Data records:

*** Block opens ***

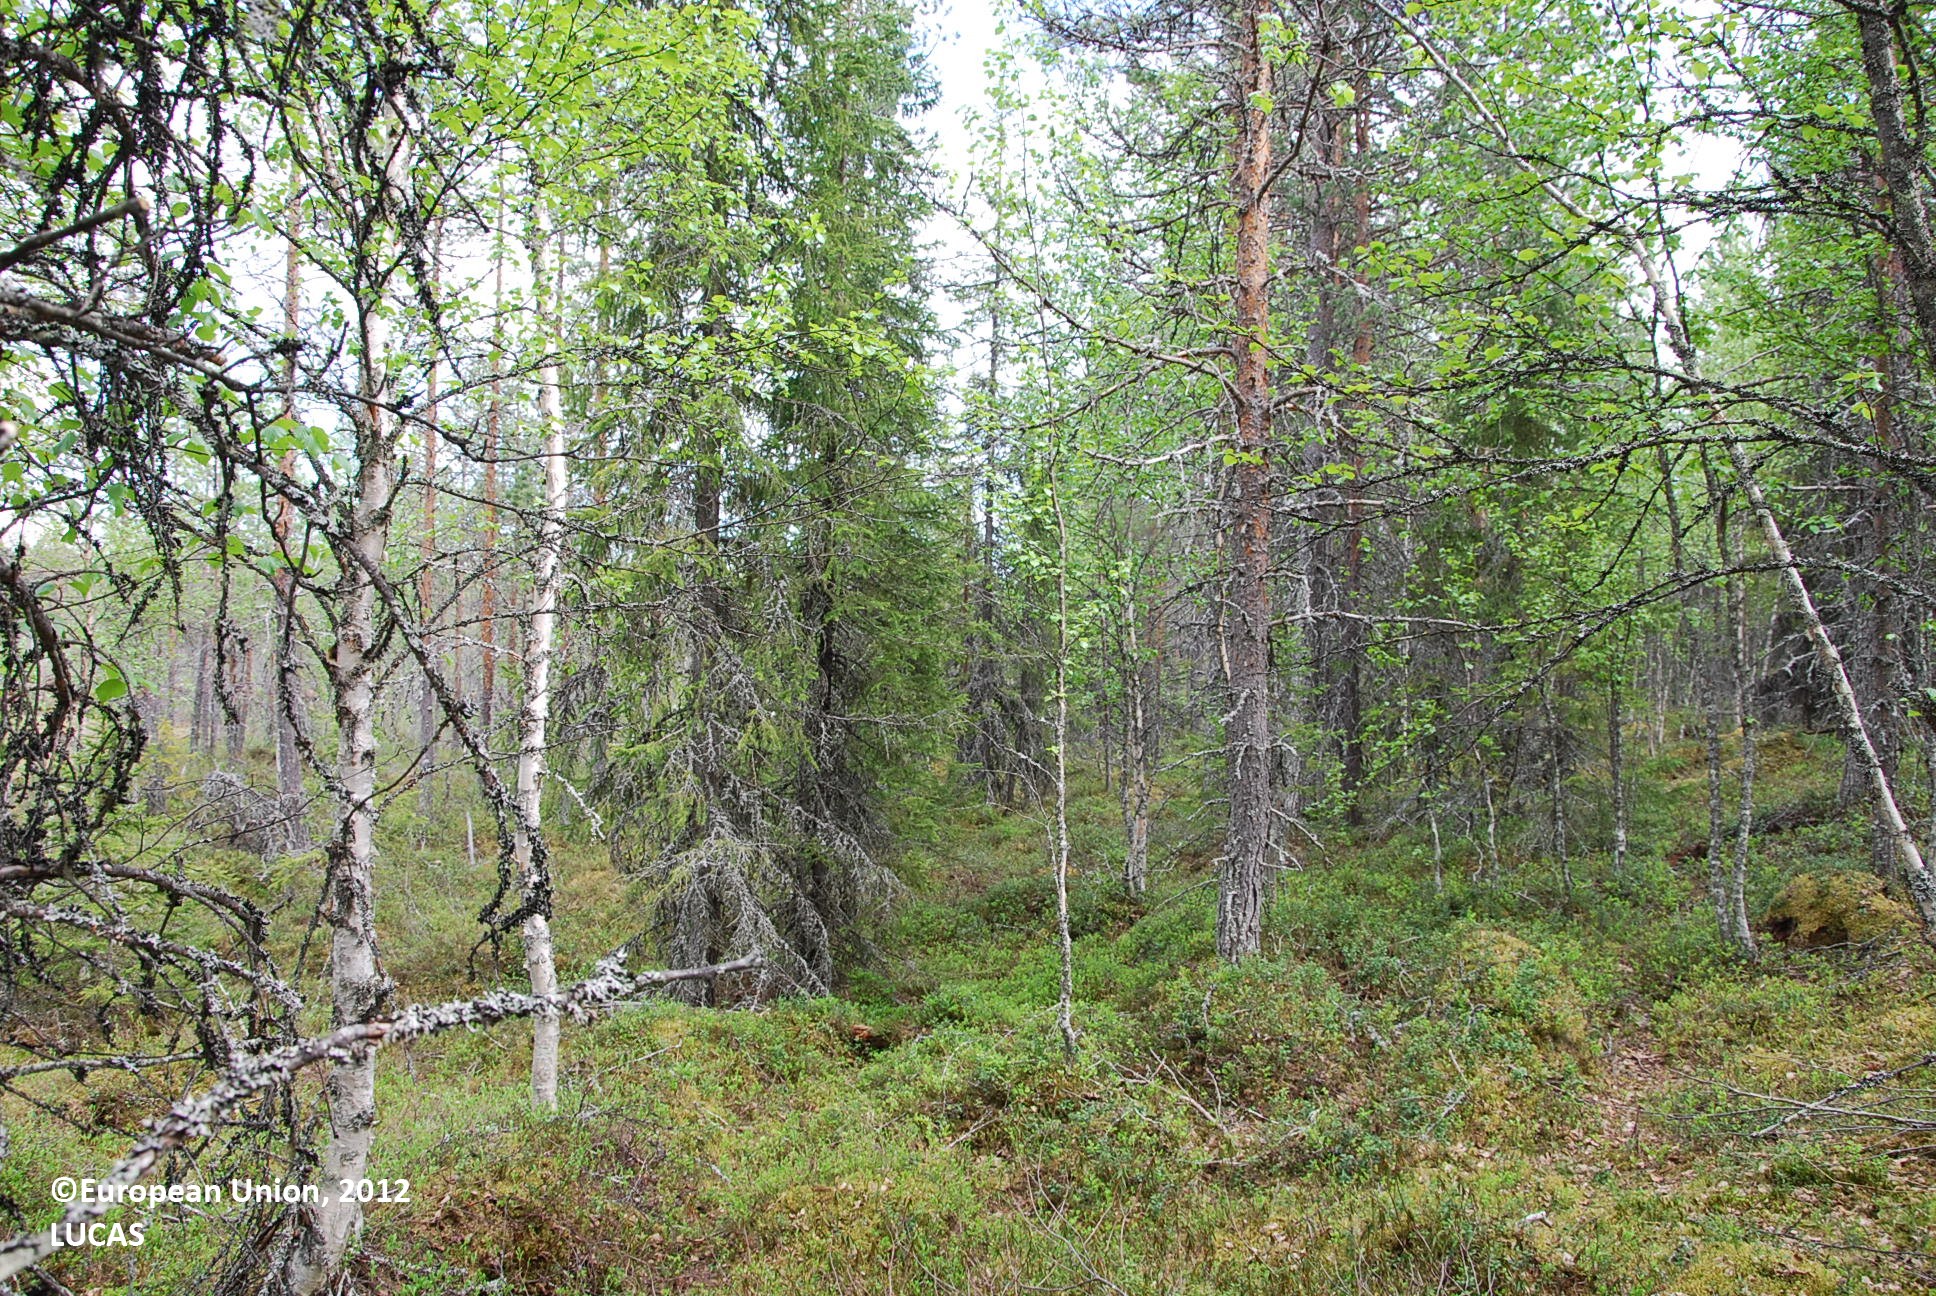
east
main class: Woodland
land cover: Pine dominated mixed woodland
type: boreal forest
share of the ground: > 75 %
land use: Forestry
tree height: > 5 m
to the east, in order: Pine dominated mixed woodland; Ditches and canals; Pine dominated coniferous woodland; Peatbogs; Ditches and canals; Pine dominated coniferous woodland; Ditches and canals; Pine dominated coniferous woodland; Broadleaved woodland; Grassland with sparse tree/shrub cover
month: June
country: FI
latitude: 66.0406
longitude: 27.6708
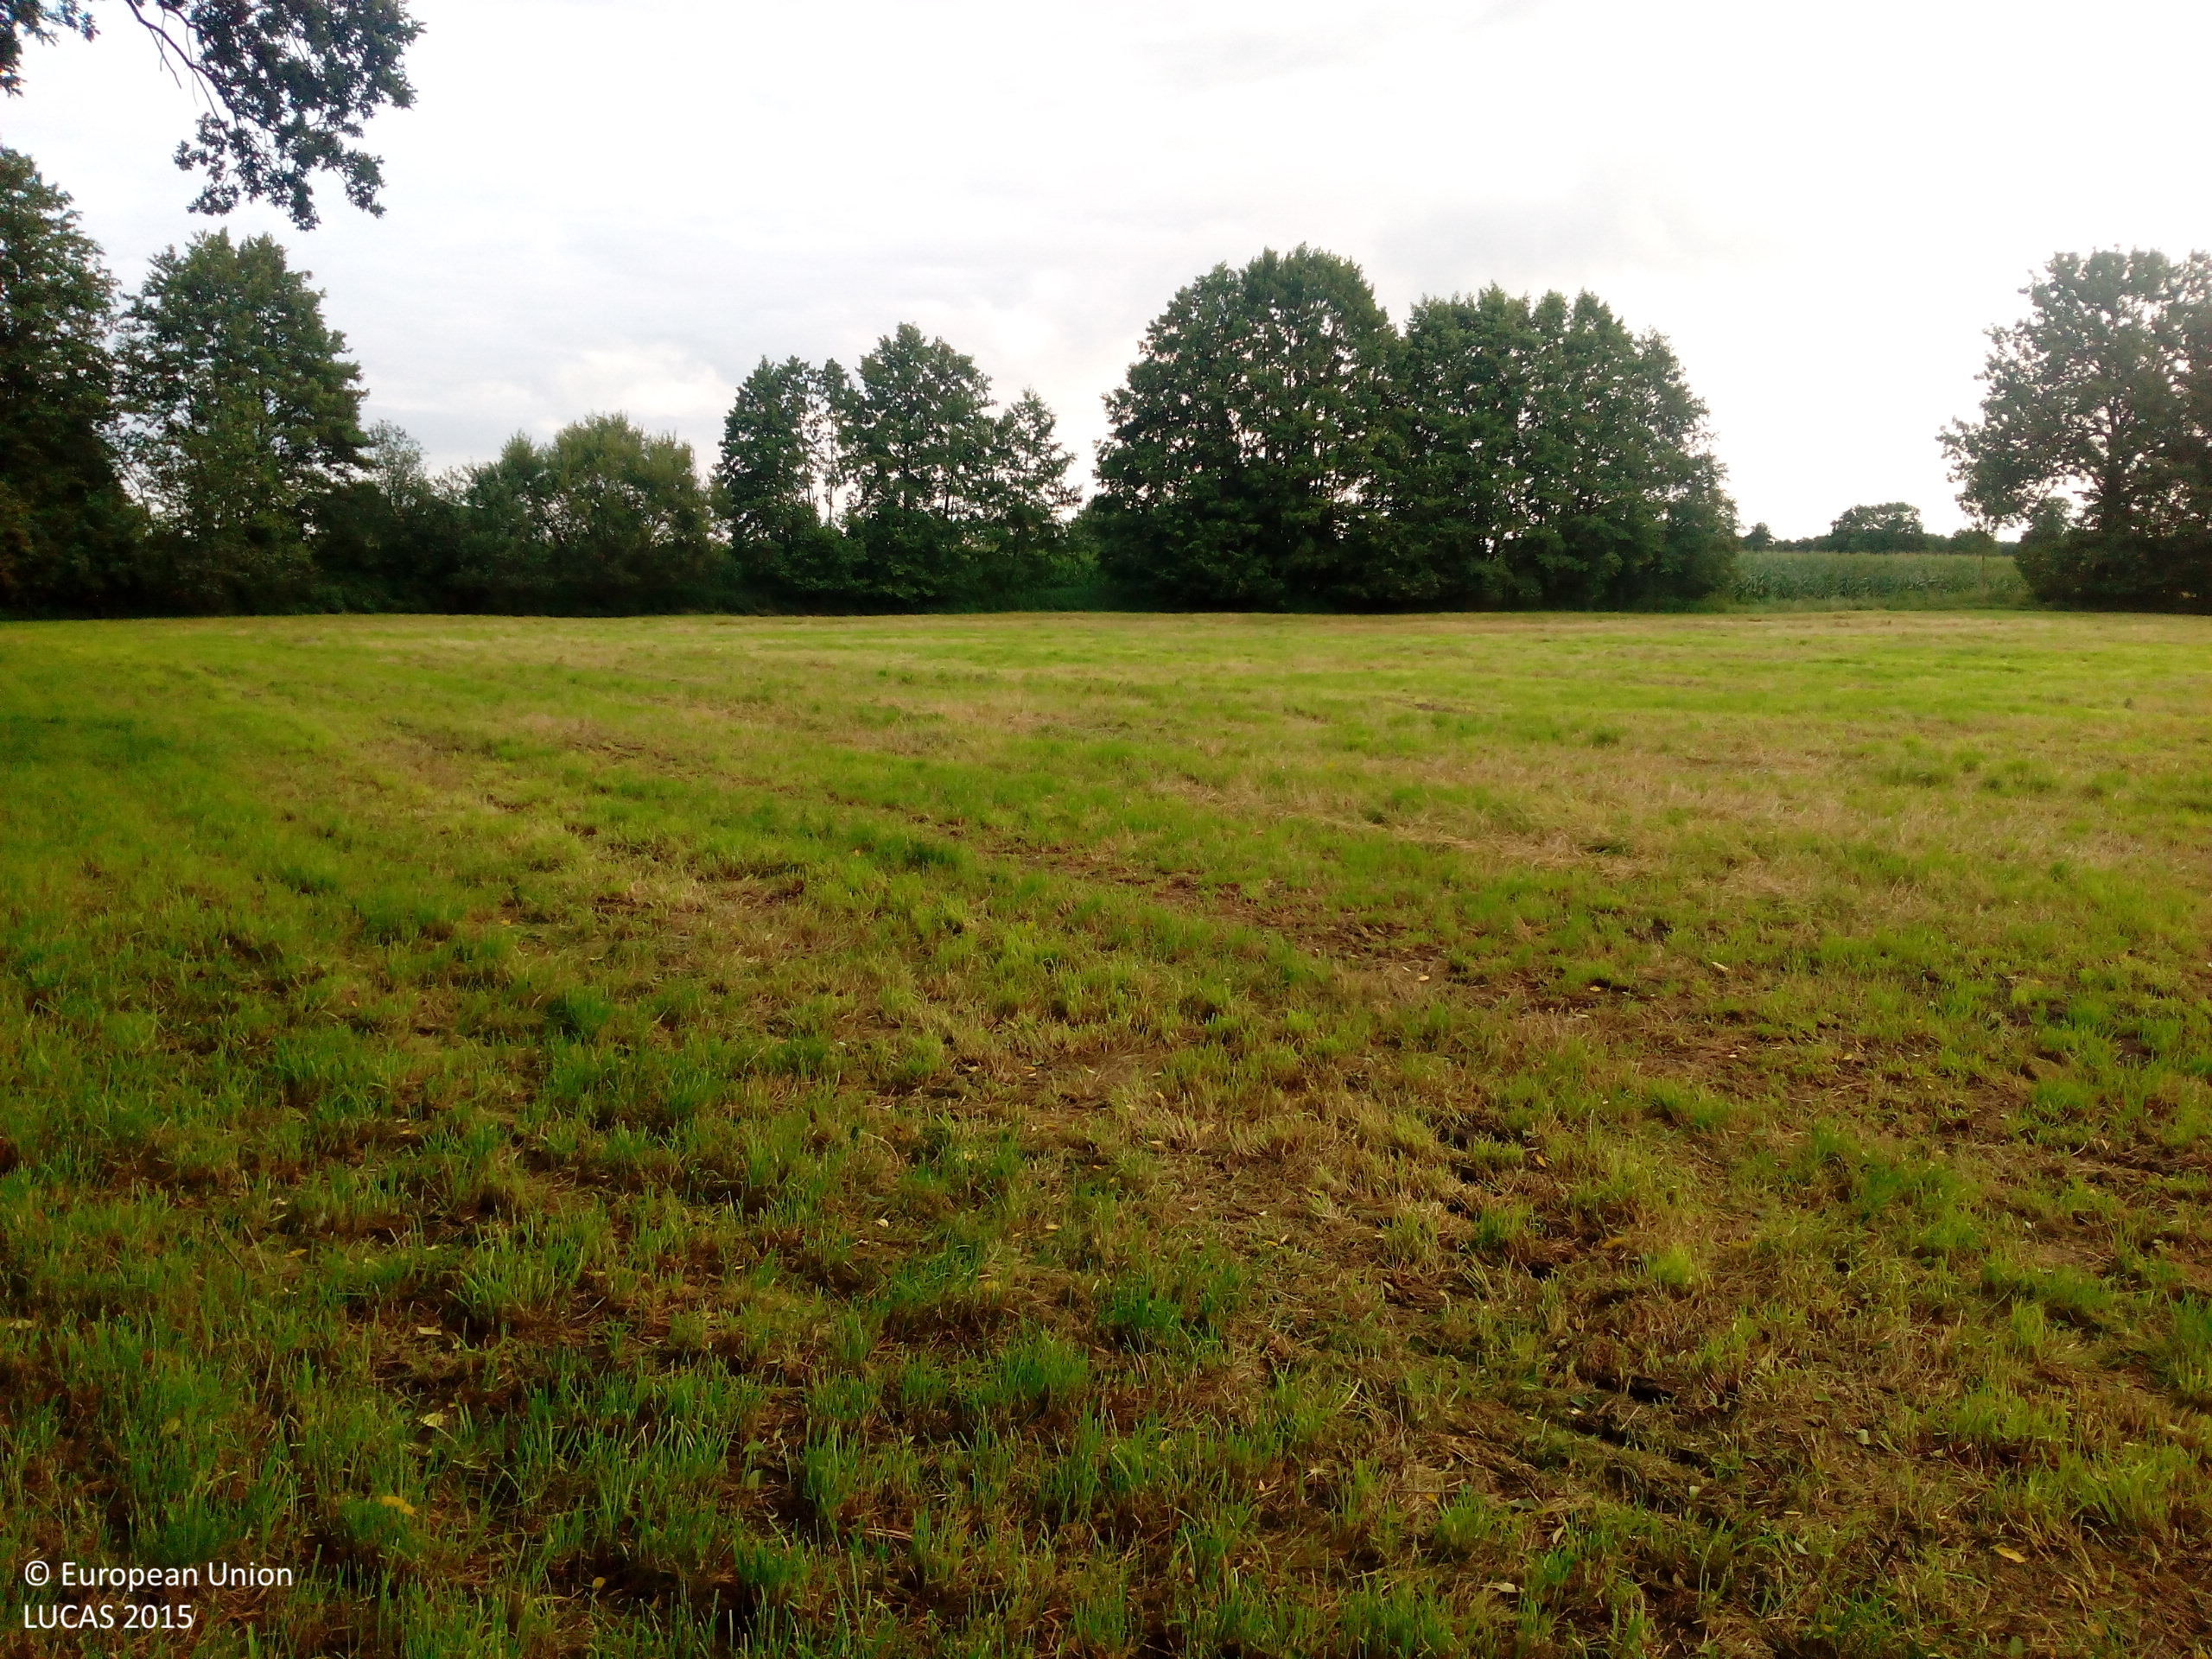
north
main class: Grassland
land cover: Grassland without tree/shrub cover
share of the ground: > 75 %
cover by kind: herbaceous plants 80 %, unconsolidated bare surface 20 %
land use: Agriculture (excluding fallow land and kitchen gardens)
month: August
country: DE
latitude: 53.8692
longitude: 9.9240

*** Block closes ***

Task to complete> With the pictures left out, output all the entries exactly.

Solved exercise>
east
main class: Woodland
land cover: Pine dominated mixed woodland
type: boreal forest
share of the ground: > 75 %
land use: Forestry
tree height: > 5 m
to the east, in order: Pine dominated mixed woodland; Ditches and canals; Pine dominated coniferous woodland; Peatbogs; Ditches and canals; Pine dominated coniferous woodland; Ditches and canals; Pine dominated coniferous woodland; Broadleaved woodland; Grassland with sparse tree/shrub cover
month: June
country: FI
latitude: 66.0406
longitude: 27.6708
north
main class: Grassland
land cover: Grassland without tree/shrub cover
share of the ground: > 75 %
cover by kind: herbaceous plants 80 %, unconsolidated bare surface 20 %
land use: Agriculture (excluding fallow land and kitchen gardens)
month: August
country: DE
latitude: 53.8692
longitude: 9.9240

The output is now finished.